■ **Exercise directions**
The reply should be the records repeated exactly, without any images.

■ **Material shown**
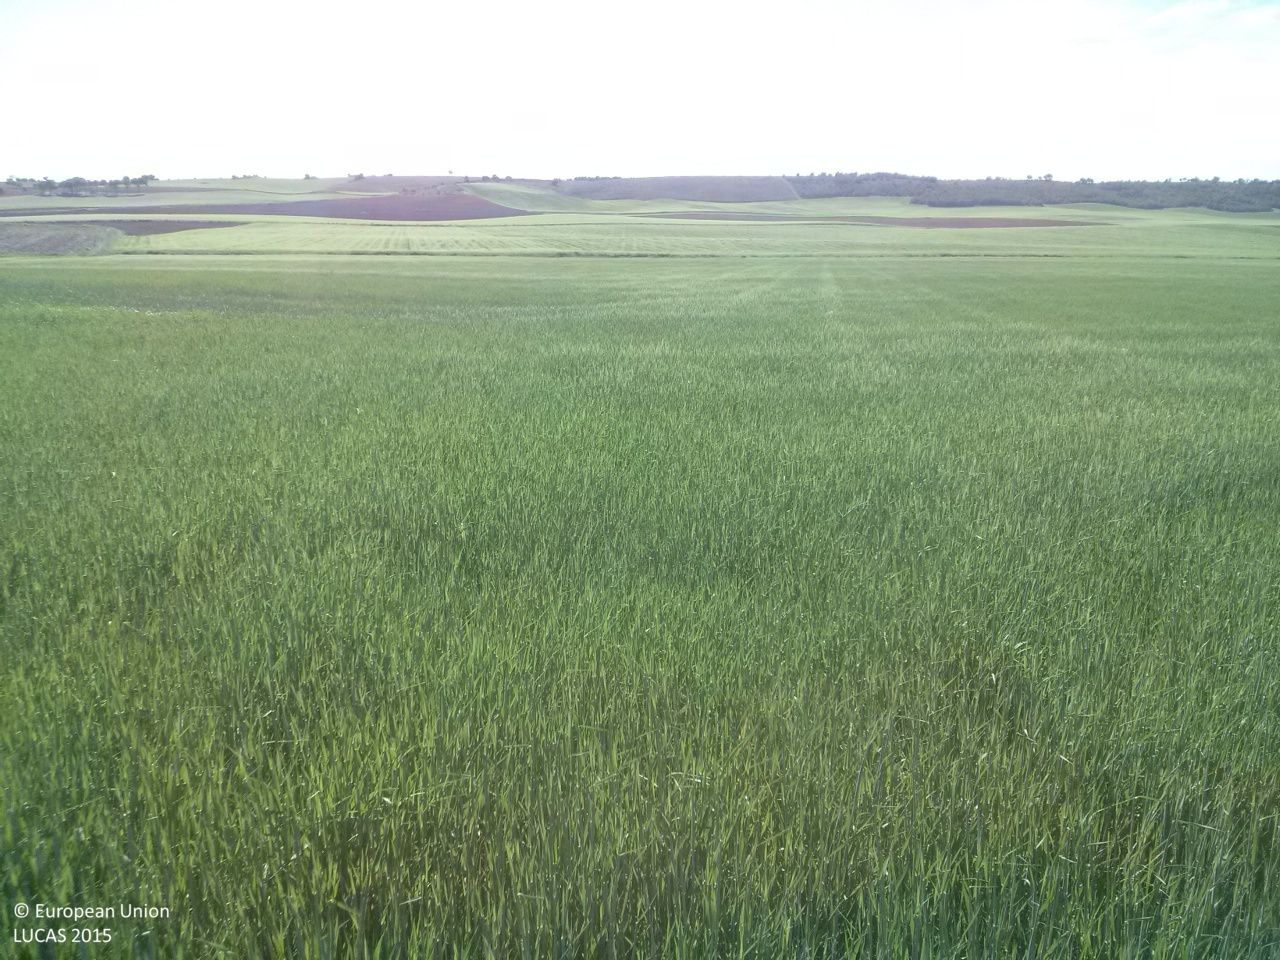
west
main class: Cropland
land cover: Barley
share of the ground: > 75 %
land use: Agriculture (excluding fallow land and kitchen gardens)
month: May
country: ES
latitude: 39.7994
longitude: -2.7369
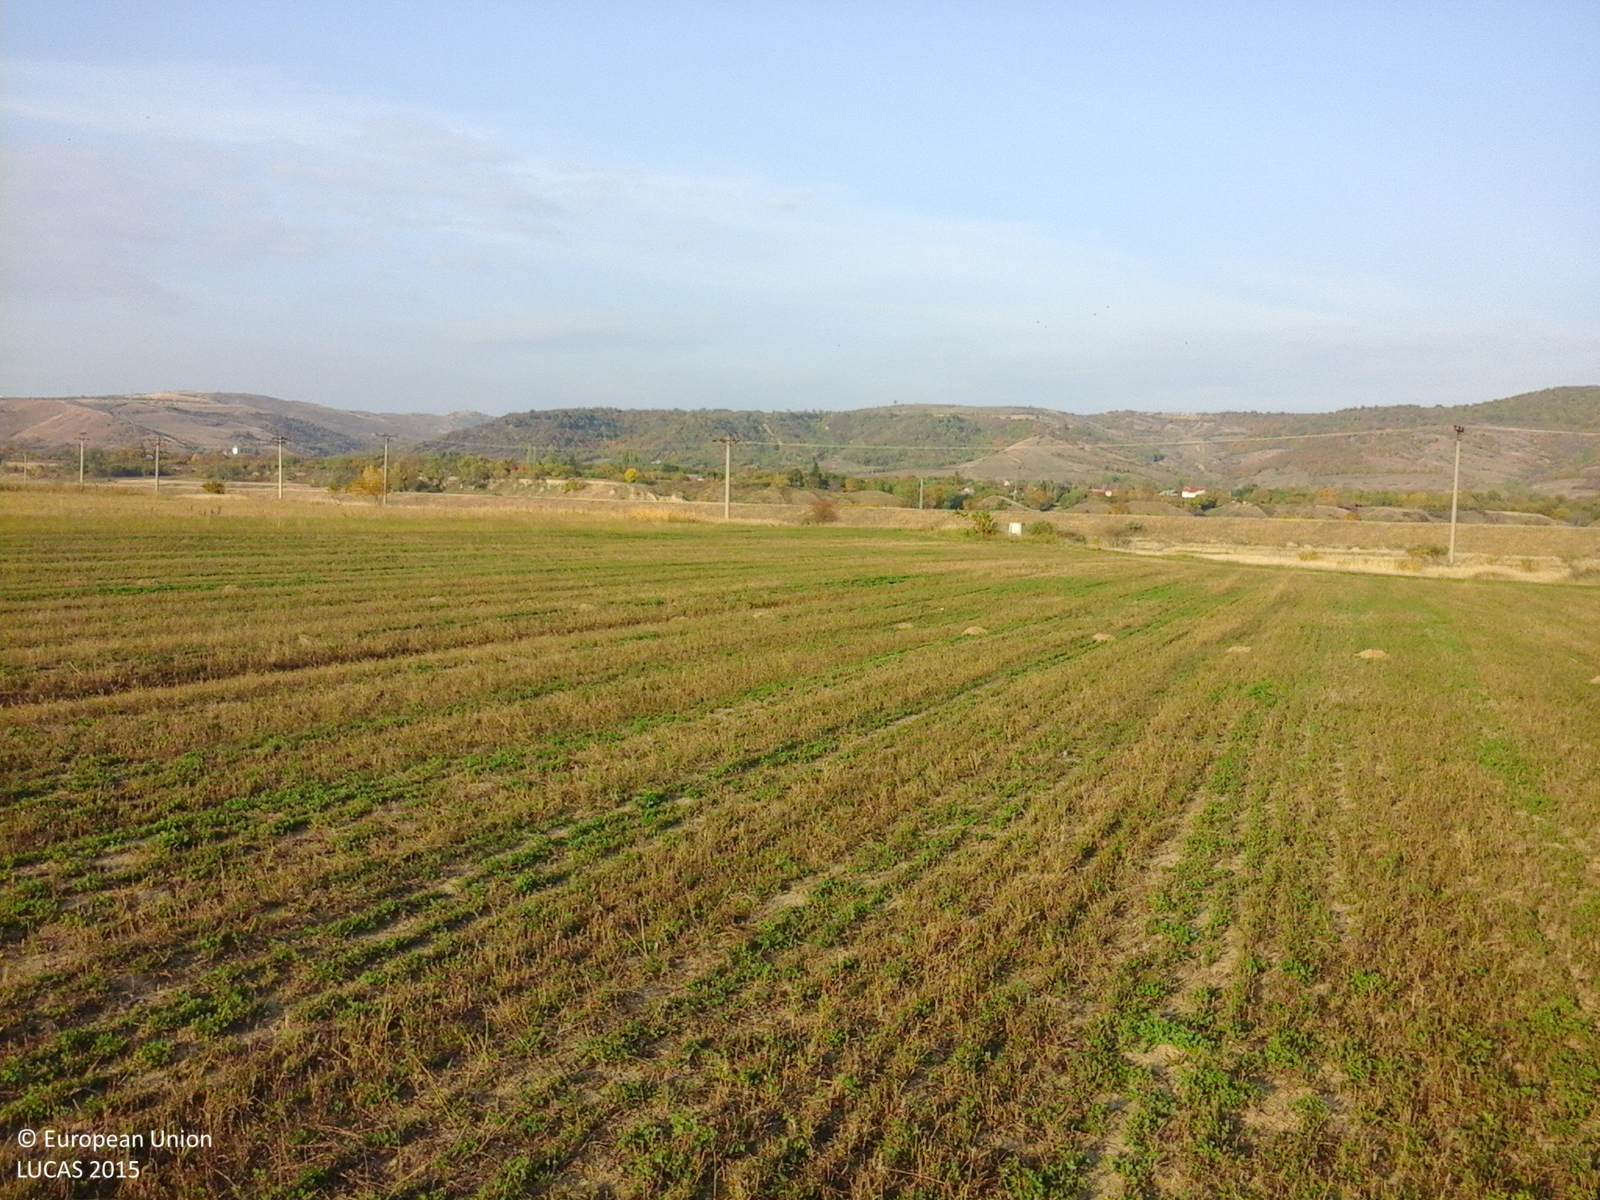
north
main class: Cropland
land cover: Lucerne
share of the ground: 50 - 75 %
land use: Agriculture (excluding fallow land and kitchen gardens)
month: October
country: RO
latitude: 45.2638
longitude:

■ **Task response**
west
main class: Cropland
land cover: Barley
share of the ground: > 75 %
land use: Agriculture (excluding fallow land and kitchen gardens)
month: May
country: ES
latitude: 39.7994
longitude: -2.7369
north
main class: Cropland
land cover: Lucerne
share of the ground: 50 - 75 %
land use: Agriculture (excluding fallow land and kitchen gardens)
month: October
country: RO
latitude: 45.2638
longitude:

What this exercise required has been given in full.